WHAT IS REQUIRED
Without any alteration, retype the records that appear below.

Stored dataset items
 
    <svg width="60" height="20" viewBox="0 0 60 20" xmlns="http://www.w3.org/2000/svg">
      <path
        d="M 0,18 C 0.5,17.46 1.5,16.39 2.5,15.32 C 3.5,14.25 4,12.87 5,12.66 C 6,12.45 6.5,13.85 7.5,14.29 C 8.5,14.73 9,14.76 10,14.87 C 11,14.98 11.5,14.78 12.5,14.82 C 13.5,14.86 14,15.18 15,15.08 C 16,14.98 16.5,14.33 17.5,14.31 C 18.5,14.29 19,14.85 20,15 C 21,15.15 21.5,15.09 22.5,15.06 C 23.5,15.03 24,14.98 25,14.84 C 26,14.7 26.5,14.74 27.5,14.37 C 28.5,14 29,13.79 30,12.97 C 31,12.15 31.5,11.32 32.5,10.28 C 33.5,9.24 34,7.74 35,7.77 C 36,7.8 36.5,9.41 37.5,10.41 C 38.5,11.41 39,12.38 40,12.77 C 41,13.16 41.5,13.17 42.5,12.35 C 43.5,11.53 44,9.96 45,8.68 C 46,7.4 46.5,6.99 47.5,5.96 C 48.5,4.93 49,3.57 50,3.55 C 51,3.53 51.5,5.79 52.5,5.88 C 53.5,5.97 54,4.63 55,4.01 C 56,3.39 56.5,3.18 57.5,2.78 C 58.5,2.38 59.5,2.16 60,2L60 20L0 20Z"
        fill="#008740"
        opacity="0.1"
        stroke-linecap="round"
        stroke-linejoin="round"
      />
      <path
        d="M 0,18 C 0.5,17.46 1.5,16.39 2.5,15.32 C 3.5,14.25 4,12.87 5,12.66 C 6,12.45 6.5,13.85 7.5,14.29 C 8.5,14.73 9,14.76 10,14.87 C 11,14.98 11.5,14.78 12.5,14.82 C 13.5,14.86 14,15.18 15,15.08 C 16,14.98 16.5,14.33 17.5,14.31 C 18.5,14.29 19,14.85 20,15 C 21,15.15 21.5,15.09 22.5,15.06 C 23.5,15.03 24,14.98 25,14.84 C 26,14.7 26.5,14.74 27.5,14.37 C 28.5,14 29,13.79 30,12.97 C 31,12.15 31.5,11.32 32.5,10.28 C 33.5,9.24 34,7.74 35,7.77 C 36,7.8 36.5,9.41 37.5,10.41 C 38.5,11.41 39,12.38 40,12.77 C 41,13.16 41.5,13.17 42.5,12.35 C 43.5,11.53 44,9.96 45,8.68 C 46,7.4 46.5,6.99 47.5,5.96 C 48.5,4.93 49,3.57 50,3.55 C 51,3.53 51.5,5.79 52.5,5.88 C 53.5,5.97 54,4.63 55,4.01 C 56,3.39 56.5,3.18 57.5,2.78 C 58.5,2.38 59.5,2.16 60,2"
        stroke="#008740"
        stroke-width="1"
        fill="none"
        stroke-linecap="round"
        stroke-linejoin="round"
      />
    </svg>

RESULT OF THIS EXERCISE
    <svg width="60" height="20" viewBox="0 0 60 20" xmlns="http://www.w3.org/2000/svg">
      <path
        d="M 0,18 C 0.5,17.46 1.5,16.39 2.5,15.32 C 3.5,14.25 4,12.87 5,12.66 C 6,12.45 6.5,13.85 7.5,14.29 C 8.5,14.73 9,14.76 10,14.87 C 11,14.98 11.5,14.78 12.5,14.82 C 13.5,14.86 14,15.18 15,15.08 C 16,14.98 16.5,14.33 17.5,14.31 C 18.5,14.29 19,14.85 20,15 C 21,15.15 21.5,15.09 22.5,15.06 C 23.5,15.03 24,14.98 25,14.84 C 26,14.7 26.5,14.74 27.5,14.37 C 28.5,14 29,13.79 30,12.97 C 31,12.15 31.5,11.32 32.5,10.28 C 33.5,9.24 34,7.74 35,7.77 C 36,7.8 36.5,9.41 37.5,10.41 C 38.5,11.41 39,12.38 40,12.77 C 41,13.16 41.5,13.17 42.5,12.35 C 43.5,11.53 44,9.96 45,8.68 C 46,7.4 46.5,6.99 47.5,5.96 C 48.5,4.93 49,3.57 50,3.55 C 51,3.53 51.5,5.79 52.5,5.88 C 53.5,5.97 54,4.63 55,4.01 C 56,3.39 56.5,3.18 57.5,2.78 C 58.5,2.38 59.5,2.16 60,2L60 20L0 20Z"
        fill="#008740"
        opacity="0.1"
        stroke-linecap="round"
        stroke-linejoin="round"
      />
      <path
        d="M 0,18 C 0.5,17.46 1.5,16.39 2.5,15.32 C 3.5,14.25 4,12.87 5,12.66 C 6,12.45 6.5,13.85 7.5,14.29 C 8.5,14.73 9,14.76 10,14.87 C 11,14.98 11.5,14.78 12.5,14.82 C 13.5,14.86 14,15.18 15,15.08 C 16,14.98 16.5,14.33 17.5,14.31 C 18.5,14.29 19,14.85 20,15 C 21,15.15 21.5,15.09 22.5,15.06 C 23.5,15.03 24,14.98 25,14.84 C 26,14.7 26.5,14.74 27.5,14.37 C 28.5,14 29,13.79 30,12.97 C 31,12.15 31.5,11.32 32.5,10.28 C 33.5,9.24 34,7.74 35,7.77 C 36,7.8 36.5,9.41 37.5,10.41 C 38.5,11.41 39,12.38 40,12.77 C 41,13.16 41.5,13.17 42.5,12.35 C 43.5,11.53 44,9.96 45,8.68 C 46,7.4 46.5,6.99 47.5,5.96 C 48.5,4.93 49,3.57 50,3.55 C 51,3.53 51.5,5.79 52.5,5.88 C 53.5,5.97 54,4.63 55,4.01 C 56,3.39 56.5,3.18 57.5,2.78 C 58.5,2.38 59.5,2.16 60,2"
        stroke="#008740"
        stroke-width="1"
        fill="none"
        stroke-linecap="round"
        stroke-linejoin="round"
      />
    </svg>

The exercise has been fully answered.